We provide a mixture of care and support- practical help with cooking, cleaning, laundry and other household chores. We provide personal care to people who may need help with their daily tasks like washing and dressing, use the toilet or bathing. If a person uses a catheter or continence pads, we can also help with this.

We also help with social support – enabling people to become or remain independent in their homes, assisting with their social wants and needs, and helping them get back into their local community, or make contact for the first time.

How does it work? What do I do?

Contacting our office direct means that you will be dealing directly with the people who provide the care.

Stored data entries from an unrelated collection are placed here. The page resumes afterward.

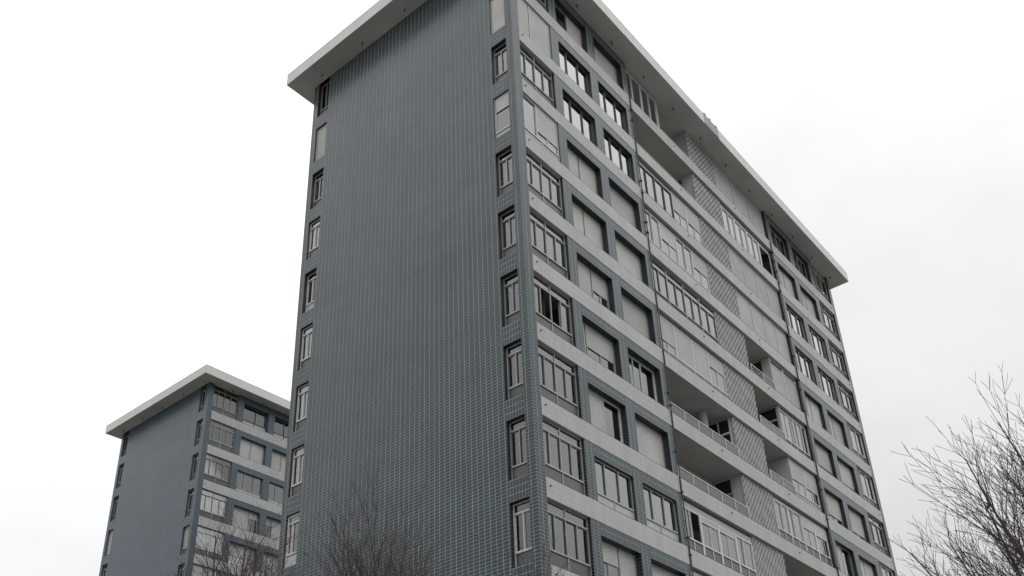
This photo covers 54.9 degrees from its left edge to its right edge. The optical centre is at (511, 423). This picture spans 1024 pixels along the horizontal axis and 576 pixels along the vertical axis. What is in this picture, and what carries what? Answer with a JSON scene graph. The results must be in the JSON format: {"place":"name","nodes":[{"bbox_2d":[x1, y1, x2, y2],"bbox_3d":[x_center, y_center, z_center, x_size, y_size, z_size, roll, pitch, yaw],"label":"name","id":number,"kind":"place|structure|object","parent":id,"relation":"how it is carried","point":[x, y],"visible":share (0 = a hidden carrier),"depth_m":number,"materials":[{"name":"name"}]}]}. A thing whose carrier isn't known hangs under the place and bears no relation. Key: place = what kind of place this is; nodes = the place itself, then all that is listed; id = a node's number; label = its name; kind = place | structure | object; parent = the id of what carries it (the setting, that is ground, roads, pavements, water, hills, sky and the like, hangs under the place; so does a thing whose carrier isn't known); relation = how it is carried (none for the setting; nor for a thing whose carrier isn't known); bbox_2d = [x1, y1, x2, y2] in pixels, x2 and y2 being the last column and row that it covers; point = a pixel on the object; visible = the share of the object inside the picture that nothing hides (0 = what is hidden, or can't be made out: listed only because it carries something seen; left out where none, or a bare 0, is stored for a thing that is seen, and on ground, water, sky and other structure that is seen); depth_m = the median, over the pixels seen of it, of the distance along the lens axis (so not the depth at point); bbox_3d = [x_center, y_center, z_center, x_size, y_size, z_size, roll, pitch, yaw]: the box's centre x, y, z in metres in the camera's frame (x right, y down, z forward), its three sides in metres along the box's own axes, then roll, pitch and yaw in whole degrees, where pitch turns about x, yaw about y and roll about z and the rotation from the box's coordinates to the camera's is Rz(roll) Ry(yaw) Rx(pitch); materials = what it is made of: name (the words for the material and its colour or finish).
{"place":"outdoors","nodes":[
{"label":"outdoors","id":0,"kind":"place"},
{"bbox_2d":[99,364,289,575],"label":"apartment tower","id":1,"kind":"structure","parent":0,"point":[196,445],"depth_m":74.46,"materials":[{"name":"grey tile"}]},
{"bbox_2d":[195,526,223,558],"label":"corner window","id":2,"kind":"structure","parent":1,"relation":"in","point":[204,537],"depth_m":69.81,"materials":[{"name":"grey"}]},
{"bbox_2d":[199,489,227,522],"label":"corner window","id":3,"kind":"structure","parent":1,"relation":"in","point":[211,504],"depth_m":71.18,"materials":[{"name":"grey"}]},
{"bbox_2d":[204,454,230,487],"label":"corner window","id":4,"kind":"structure","parent":1,"relation":"in","point":[217,470],"depth_m":72.58,"materials":[{"name":"grey"}]},
{"bbox_2d":[208,420,234,452],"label":"corner window","id":5,"kind":"structure","parent":1,"relation":"in","point":[221,436],"depth_m":73.93,"materials":[{"name":"grey"}]},
{"bbox_2d":[212,385,238,419],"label":"corner window","id":6,"kind":"structure","parent":1,"relation":"in","point":[225,402],"depth_m":75.32,"materials":[{"name":"grey"}]},
{"bbox_2d":[228,542,254,567],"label":"window","id":7,"kind":"structure","parent":1,"relation":"in","point":[235,555],"depth_m":71.64,"materials":[{"name":"grey"}]},
{"bbox_2d":[232,506,257,532],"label":"window","id":8,"kind":"structure","parent":1,"relation":"in","point":[242,513],"depth_m":73.14,"materials":[{"name":"grey"}]},
{"bbox_2d":[236,471,261,498],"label":"window","id":9,"kind":"structure","parent":1,"relation":"in","point":[247,484],"depth_m":74.44,"materials":[{"name":"grey"}]},
{"bbox_2d":[239,438,263,464],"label":"window","id":10,"kind":"structure","parent":1,"relation":"in","point":[249,450],"depth_m":75.87,"materials":[{"name":"grey"}]},
{"bbox_2d":[243,405,266,431],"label":"window","id":11,"kind":"structure","parent":1,"relation":"in","point":[252,417],"depth_m":77.28,"materials":[{"name":"grey"}]},
{"bbox_2d":[268,483,283,505],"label":"window","id":12,"kind":"structure","parent":1,"relation":"in","point":[275,496],"depth_m":76.16,"materials":[{"name":"grey"}]},
{"bbox_2d":[0,0,1023,575],"label":"sky","id":13,"kind":"structure","parent":0,"point":[155,154],"materials":[{"name":"white"}]},
{"bbox_2d":[277,0,897,575],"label":"apartment tower","id":14,"kind":"structure","parent":0,"point":[573,272],"depth_m":39.49,"materials":[{"name":"grey tile"}]},
{"bbox_2d":[284,512,299,567],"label":"side window","id":15,"kind":"structure","parent":14,"relation":"in","point":[293,521],"depth_m":36.89,"materials":[{"name":"grey"}]},
{"bbox_2d":[290,446,303,496],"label":"side window","id":16,"kind":"structure","parent":14,"relation":"in","point":[296,482],"depth_m":38.27,"materials":[{"name":"grey"}]},
{"bbox_2d":[295,383,308,430],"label":"side window","id":17,"kind":"structure","parent":14,"relation":"in","point":[301,413],"depth_m":39.63,"materials":[{"name":"grey"}]},
{"bbox_2d":[300,324,312,369],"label":"side window","id":18,"kind":"structure","parent":14,"relation":"in","point":[307,333],"depth_m":40.99,"materials":[{"name":"grey"}]},
{"bbox_2d":[305,271,315,311],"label":"side window","id":19,"kind":"structure","parent":14,"relation":"in","point":[311,283],"depth_m":42.42,"materials":[{"name":"grey"}]},
{"bbox_2d":[308,218,319,258],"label":"side window","id":20,"kind":"structure","parent":14,"relation":"in","point":[314,229],"depth_m":43.71,"materials":[{"name":"grey"}]},
{"bbox_2d":[315,124,326,160],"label":"side window","id":21,"kind":"structure","parent":14,"relation":"in","point":[321,133],"depth_m":46.33,"materials":[{"name":"grey"}]},
{"bbox_2d":[490,0,504,33],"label":"side window","id":22,"kind":"structure","parent":14,"relation":"in","point":[496,6],"depth_m":40.27,"materials":[{"name":"grey"}]},
{"bbox_2d":[494,42,507,82],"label":"side window","id":23,"kind":"structure","parent":14,"relation":"in","point":[500,55],"depth_m":39.14,"materials":[{"name":"grey"}]},
{"bbox_2d":[494,91,509,137],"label":"side window","id":24,"kind":"structure","parent":14,"relation":"in","point":[501,104],"depth_m":37.66,"materials":[{"name":"grey"}]},
{"bbox_2d":[498,149,512,194],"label":"side window","id":25,"kind":"structure","parent":14,"relation":"in","point":[504,160],"depth_m":36.42,"materials":[{"name":"grey"}]},
{"bbox_2d":[501,208,515,257],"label":"side window","id":26,"kind":"structure","parent":14,"relation":"in","point":[508,233],"depth_m":35.06,"materials":[{"name":"grey"}]},
{"bbox_2d":[503,272,519,325],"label":"side window","id":27,"kind":"structure","parent":14,"relation":"in","point":[511,292],"depth_m":33.69,"materials":[{"name":"grey"}]},
{"bbox_2d":[506,342,523,399],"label":"side window","id":28,"kind":"structure","parent":14,"relation":"in","point":[513,353],"depth_m":32.34,"materials":[{"name":"grey"}]},
{"bbox_2d":[509,417,527,479],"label":"side window","id":29,"kind":"structure","parent":14,"relation":"in","point":[518,449],"depth_m":30.97,"materials":[{"name":"grey"}]},
{"bbox_2d":[513,499,531,566],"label":"side window","id":30,"kind":"structure","parent":14,"relation":"in","point":[521,511],"depth_m":29.62,"materials":[{"name":"grey"}]},
{"bbox_2d":[517,0,550,57],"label":"corner window","id":31,"kind":"structure","parent":14,"relation":"in","point":[529,22],"depth_m":40.99,"materials":[{"name":"grey"}]},
{"bbox_2d":[520,44,553,106],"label":"corner window","id":32,"kind":"structure","parent":14,"relation":"in","point":[532,71],"depth_m":39.76,"materials":[{"name":"grey"}]},
{"bbox_2d":[523,94,559,161],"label":"corner window","id":33,"kind":"structure","parent":14,"relation":"in","point":[538,125],"depth_m":38.30,"materials":[{"name":"grey"}]},
{"bbox_2d":[526,150,562,216],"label":"corner window","id":34,"kind":"structure","parent":14,"relation":"in","point":[543,183],"depth_m":37.04,"materials":[{"name":"grey glass"}]},
{"bbox_2d":[530,210,567,278],"bbox_3d":[1.275,-6.432,35.561,0.090,2.106,2.234,-23,-35,33],"label":"corner window","id":35,"kind":"structure","parent":14,"relation":"in","point":[548,244],"depth_m":35.68,"materials":[{"name":"grey glass"}]},
{"bbox_2d":[534,274,572,344],"bbox_3d":[1.371,-3.921,34.216,0.122,2.106,2.234,-23,-35,33],"label":"corner window","id":36,"kind":"structure","parent":14,"relation":"in","point":[564,330],"depth_m":34.40,"materials":[{"name":"grey glass"}]},
{"bbox_2d":[538,343,578,416],"bbox_3d":[1.492,-1.420,32.854,0.090,2.106,2.234,-23,-35,33],"label":"corner window","id":37,"kind":"structure","parent":14,"relation":"in","point":[557,376],"depth_m":32.95,"materials":[{"name":"grey glass"}]},
{"bbox_2d":[542,418,584,494],"bbox_3d":[1.601,1.086,31.501,0.090,2.106,2.234,-23,-35,33],"label":"corner window","id":38,"kind":"structure","parent":14,"relation":"in","point":[562,450],"depth_m":31.59,"materials":[{"name":"grey glass"}]},
{"bbox_2d":[555,4,581,46],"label":"window","id":39,"kind":"structure","parent":14,"relation":"in","point":[561,18],"depth_m":44.54,"materials":[{"name":"grey"}]},
{"bbox_2d":[547,500,591,575],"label":"corner window","id":40,"kind":"structure","parent":14,"relation":"in","point":[571,529],"depth_m":30.24,"materials":[{"name":"grey glass"}]},
{"bbox_2d":[558,45,589,95],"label":"window","id":41,"kind":"structure","parent":14,"relation":"in","point":[568,65],"depth_m":43.03,"materials":[{"name":"grey"}]},
{"bbox_2d":[563,93,594,144],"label":"window","id":42,"kind":"structure","parent":14,"relation":"in","point":[572,112],"depth_m":41.68,"materials":[{"name":"grey"}]},
{"bbox_2d":[567,147,597,194],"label":"window","id":43,"kind":"structure","parent":14,"relation":"in","point":[577,166],"depth_m":40.42,"materials":[{"name":"grey"}]},
{"bbox_2d":[572,201,602,249],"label":"window","id":44,"kind":"structure","parent":14,"relation":"in","point":[583,222],"depth_m":39.05,"materials":[{"name":"grey"}]},
{"bbox_2d":[577,259,609,309],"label":"window","id":45,"kind":"structure","parent":14,"relation":"in","point":[590,282],"depth_m":37.71,"materials":[{"name":"grey"}]},
{"bbox_2d":[582,321,615,373],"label":"window","id":46,"kind":"structure","parent":14,"relation":"in","point":[598,347],"depth_m":36.34,"materials":[{"name":"grey"}]},
{"bbox_2d":[588,389,622,442],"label":"window","id":47,"kind":"structure","parent":14,"relation":"in","point":[605,416],"depth_m":35.01,"materials":[{"name":"grey"}]},
{"bbox_2d":[594,46,617,83],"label":"window","id":48,"kind":"structure","parent":14,"relation":"in","point":[600,59],"depth_m":46.58,"materials":[{"name":"grey"}]},
{"bbox_2d":[598,85,626,132],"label":"window","id":49,"kind":"structure","parent":14,"relation":"in","point":[607,103],"depth_m":45.07,"materials":[{"name":"grey"}]},
{"bbox_2d":[594,458,634,519],"bbox_3d":[3.426,2.244,33.347,0.090,1.683,2.344,-23,-35,33],"label":"window","id":50,"kind":"structure","parent":14,"relation":"in","point":[614,488],"depth_m":33.46,"materials":[{"name":"grey glass"}]},
{"bbox_2d":[603,131,632,179],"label":"window","id":51,"kind":"structure","parent":14,"relation":"in","point":[617,155],"depth_m":43.70,"materials":[{"name":"grey"}]},
{"bbox_2d":[601,540,636,575],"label":"window","id":52,"kind":"structure","parent":14,"relation":"in","point":[616,561],"depth_m":32.27,"materials":[{"name":"grey"}]},
{"bbox_2d":[609,185,635,227],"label":"window","id":53,"kind":"structure","parent":14,"relation":"in","point":[621,205],"depth_m":42.49,"materials":[{"name":"grey"}]},
{"bbox_2d":[615,238,642,281],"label":"window","id":54,"kind":"structure","parent":14,"relation":"in","point":[625,256],"depth_m":41.11,"materials":[{"name":"grey"}]},
{"bbox_2d":[625,70,642,109],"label":"bay window","id":55,"kind":"structure","parent":14,"relation":"in","point":[634,91],"depth_m":48.15,"materials":[{"name":"grey"}]},
{"bbox_2d":[621,294,649,339],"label":"window","id":56,"kind":"structure","parent":14,"relation":"in","point":[634,316],"depth_m":39.75,"materials":[{"name":"grey"}]},
{"bbox_2d":[628,354,656,400],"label":"window","id":57,"kind":"structure","parent":14,"relation":"in","point":[642,377],"depth_m":38.45,"materials":[{"name":"grey"}]},
{"bbox_2d":[638,164,656,201],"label":"bay window","id":58,"kind":"structure","parent":14,"relation":"in","point":[648,185],"depth_m":45.46,"materials":[{"name":"grey"}]},
{"bbox_2d":[640,86,658,126],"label":"bay window","id":59,"kind":"structure","parent":14,"relation":"in","point":[649,105],"depth_m":49.10,"materials":[{"name":"grey"}]},
{"bbox_2d":[635,419,665,467],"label":"window","id":60,"kind":"structure","parent":14,"relation":"in","point":[650,444],"depth_m":37.02,"materials":[{"name":"grey"}]},
{"bbox_2d":[644,210,662,250],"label":"bay window","id":61,"kind":"structure","parent":14,"relation":"in","point":[653,224],"depth_m":44.08,"materials":[{"name":"grey"}]},
{"bbox_2d":[650,258,669,303],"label":"bay window","id":62,"kind":"structure","parent":14,"relation":"in","point":[660,277],"depth_m":42.73,"materials":[{"name":"grey"}]},
{"bbox_2d":[643,485,678,541],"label":"window","id":63,"kind":"structure","parent":14,"relation":"in","point":[660,510],"depth_m":35.47,"materials":[{"name":"grey glass"}]},
{"bbox_2d":[654,178,674,218],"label":"bay window","id":64,"kind":"structure","parent":14,"relation":"in","point":[664,199],"depth_m":46.41,"materials":[{"name":"grey"}]},
{"bbox_2d":[657,313,677,359],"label":"bay window","id":65,"kind":"structure","parent":14,"relation":"in","point":[668,336],"depth_m":41.29,"materials":[{"name":"grey"}]},
{"bbox_2d":[659,222,679,265],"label":"bay window","id":66,"kind":"structure","parent":14,"relation":"in","point":[669,246],"depth_m":44.91,"materials":[{"name":"grey"}]},
{"bbox_2d":[666,271,686,317],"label":"bay window","id":67,"kind":"structure","parent":14,"relation":"in","point":[675,288],"depth_m":43.61,"materials":[{"name":"grey"}]},
{"bbox_2d":[671,193,688,231],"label":"bay window","id":68,"kind":"structure","parent":14,"relation":"in","point":[679,209],"depth_m":47.39,"materials":[{"name":"grey"}]},
{"bbox_2d":[673,326,695,373],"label":"bay window","id":69,"kind":"structure","parent":14,"relation":"in","point":[683,343],"depth_m":42.16,"materials":[{"name":"grey"}]},
{"bbox_2d":[675,237,695,279],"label":"bay window","id":70,"kind":"structure","parent":14,"relation":"in","point":[684,253],"depth_m":45.96,"materials":[{"name":"grey"}]},
{"bbox_2d":[682,284,703,330],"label":"bay window","id":71,"kind":"structure","parent":14,"relation":"in","point":[692,305],"depth_m":44.59,"materials":[{"name":"grey"}]},
{"bbox_2d":[682,505,704,554],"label":"bay window","id":72,"kind":"structure","parent":14,"relation":"in","point":[696,545],"depth_m":37.06,"materials":[{"name":"grey"}]},
{"bbox_2d":[685,206,702,244],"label":"bay window","id":73,"kind":"structure","parent":14,"relation":"in","point":[693,222],"depth_m":48.29,"materials":[{"name":"grey"}]},
{"bbox_2d":[691,251,710,292],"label":"bay window","id":74,"kind":"structure","parent":14,"relation":"in","point":[700,269],"depth_m":46.88,"materials":[{"name":"grey"}]},
{"bbox_2d":[691,340,711,385],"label":"bay window","id":75,"kind":"structure","parent":14,"relation":"in","point":[700,357],"depth_m":43.15,"materials":[{"name":"grey"}]},
{"bbox_2d":[699,299,718,343],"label":"bay window","id":76,"kind":"structure","parent":14,"relation":"in","point":[707,314],"depth_m":45.58,"materials":[{"name":"grey"}]},
{"bbox_2d":[700,515,723,563],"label":"bay window","id":77,"kind":"structure","parent":14,"relation":"in","point":[710,530],"depth_m":38.09,"materials":[{"name":"grey"}]},
{"bbox_2d":[707,353,727,397],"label":"bay window","id":78,"kind":"structure","parent":14,"relation":"in","point":[716,368],"depth_m":44.17,"materials":[{"name":"grey"}]},
{"bbox_2d":[709,419,732,443],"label":"window","id":79,"kind":"structure","parent":14,"relation":"in","point":[723,428],"depth_m":43.77,"materials":[{"name":"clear glass"}]},
{"bbox_2d":[718,525,740,572],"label":"bay window","id":80,"kind":"structure","parent":14,"relation":"in","point":[728,541],"depth_m":39.08,"materials":[{"name":"grey"}]},
{"bbox_2d":[713,162,765,236],"bbox_3d":[12.833,-12.469,55.452,0.054,2.234,5.664,-23,-35,33],"label":"bay window","id":81,"kind":"structure","parent":14,"relation":"in","point":[728,188],"depth_m":55.44,"materials":[{"name":"grey"}]},
{"bbox_2d":[735,534,756,575],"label":"bay window","id":82,"kind":"structure","parent":14,"relation":"in","point":[745,549],"depth_m":40.07,"materials":[{"name":"grey"}]},
{"bbox_2d":[727,246,781,317],"bbox_3d":[13.053,-7.400,52.714,0.054,2.103,5.664,-23,-35,33],"label":"bay window","id":83,"kind":"structure","parent":14,"relation":"in","point":[740,268],"depth_m":52.68,"materials":[{"name":"grey"}]},
{"bbox_2d":[735,290,790,362],"bbox_3d":[13.162,-4.894,51.361,0.054,2.103,5.664,-23,-35,33],"label":"bay window","id":84,"kind":"structure","parent":14,"relation":"in","point":[750,315],"depth_m":51.33,"materials":[{"name":"grey"}]},
{"bbox_2d":[769,358,787,398],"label":"bay window","id":85,"kind":"structure","parent":14,"relation":"in","point":[778,377],"depth_m":50.48,"materials":[{"name":"grey"}]},
{"bbox_2d":[773,499,793,543],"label":"bay window","id":86,"kind":"structure","parent":14,"relation":"in","point":[784,528],"depth_m":44.52,"materials":[{"name":"grey"}]},
{"bbox_2d":[779,409,797,449],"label":"bay window","id":87,"kind":"structure","parent":14,"relation":"in","point":[787,423],"depth_m":49.14,"materials":[{"name":"grey"}]},
{"bbox_2d":[782,369,800,409],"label":"bay window","id":88,"kind":"structure","parent":14,"relation":"in","point":[792,393],"depth_m":51.49,"materials":[{"name":"grey"}]},
{"bbox_2d":[786,305,805,340],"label":"window","id":89,"kind":"structure","parent":14,"relation":"in","point":[796,324],"depth_m":56.00,"materials":[{"name":"grey"}]},
{"bbox_2d":[787,508,806,550],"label":"bay window","id":90,"kind":"structure","parent":14,"relation":"in","point":[795,519],"depth_m":45.48,"materials":[{"name":"grey"}]},
{"bbox_2d":[789,459,808,502],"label":"bay window","id":91,"kind":"structure","parent":14,"relation":"in","point":[796,471],"depth_m":47.77,"materials":[{"name":"grey"}]},
{"bbox_2d":[792,419,810,458],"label":"bay window","id":92,"kind":"structure","parent":14,"relation":"in","point":[800,433],"depth_m":50.15,"materials":[{"name":"grey"}]},
{"bbox_2d":[795,348,815,384],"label":"window","id":93,"kind":"structure","parent":14,"relation":"in","point":[805,367],"depth_m":54.65,"materials":[{"name":"grey"}]},
{"bbox_2d":[800,516,819,558],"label":"bay window","id":94,"kind":"structure","parent":14,"relation":"in","point":[808,528],"depth_m":46.45,"materials":[{"name":"grey"}]},
{"bbox_2d":[802,469,821,511],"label":"bay window","id":95,"kind":"structure","parent":14,"relation":"in","point":[810,483],"depth_m":48.77,"materials":[{"name":"grey"}]},
{"bbox_2d":[814,525,832,566],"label":"bay window","id":96,"kind":"structure","parent":14,"relation":"in","point":[821,536],"depth_m":47.43,"materials":[{"name":"grey"}]},
{"bbox_2d":[815,443,832,475],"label":"window","id":97,"kind":"structure","parent":14,"relation":"in","point":[823,456],"depth_m":52.02,"materials":[{"name":"grey"}]},
{"bbox_2d":[818,369,836,402],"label":"window","id":98,"kind":"structure","parent":14,"relation":"in","point":[827,385],"depth_m":56.69,"materials":[{"name":"grey"}]},
{"bbox_2d":[825,492,843,525],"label":"window","id":99,"kind":"structure","parent":14,"relation":"in","point":[833,504],"depth_m":50.67,"materials":[{"name":"grey"}]},
{"bbox_2d":[828,341,847,379],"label":"corner window","id":100,"kind":"structure","parent":14,"relation":"in","point":[838,363],"depth_m":60.15,"materials":[{"name":"grey"}]},
{"bbox_2d":[835,543,853,575],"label":"window","id":101,"kind":"structure","parent":14,"relation":"in","point":[844,557],"depth_m":49.36,"materials":[{"name":"grey"}]},
{"bbox_2d":[837,381,856,419],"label":"corner window","id":102,"kind":"structure","parent":14,"relation":"in","point":[846,397],"depth_m":58.79,"materials":[{"name":"grey"}]},
{"bbox_2d":[847,424,866,462],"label":"corner window","id":103,"kind":"structure","parent":14,"relation":"in","point":[856,441],"depth_m":57.45,"materials":[{"name":"grey"}]},
{"bbox_2d":[848,508,865,540],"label":"window","id":104,"kind":"structure","parent":14,"relation":"in","point":[856,521],"depth_m":52.71,"materials":[{"name":"grey"}]},
{"bbox_2d":[857,468,877,508],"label":"corner window","id":105,"kind":"structure","parent":14,"relation":"in","point":[865,481],"depth_m":56.09,"materials":[{"name":"grey"}]},
{"bbox_2d":[867,514,888,555],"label":"corner window","id":106,"kind":"structure","parent":14,"relation":"in","point":[876,527],"depth_m":54.70,"materials":[{"name":"grey"}]},
{"bbox_2d":[887,364,1023,575],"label":"bare tree","id":107,"kind":"object","parent":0,"point":[1014,550],"visible":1,"depth_m":12.15,"materials":[{"name":"brown plant"}]},
{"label":"pavement","id":108,"kind":"structure","parent":0,"visible":0},
{"bbox_2d":[303,462,456,575],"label":"bare tree","id":109,"kind":"object","parent":108,"relation":"on","point":[361,572],"visible":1,"depth_m":17.87,"materials":[{"name":"brown plant"}]},
{"label":"ground","id":110,"kind":"structure","parent":0,"visible":0},
{"bbox_2d":[173,496,309,575],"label":"bare tree","id":111,"kind":"object","parent":110,"relation":"on","point":[250,564],"visible":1,"depth_m":21.14,"materials":[{"name":"brown plant"}]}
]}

They will then arrange with the person who wants the care and support, and anyone else they wish to be there, to have an assessment from one of our Facilitators or Primary Response Team.

By talking with the person due to receive the care and support they find out certain things – questions about health, illnesses, mobility, likes and dislikes, needs and wants are asked so we have a good picture of not only what they want, but how we can enable them to live the way they want.

We also check the house to make sure it is safe from fire risk and any trip hazards are noted.

We next try to match the person with a particular Health Care Assistant. If someone is not happy with their Health Care Assistant for a particular reason we will do what we can to find someone more suitable.

We will not allow discriminatory requests from our service users or their families.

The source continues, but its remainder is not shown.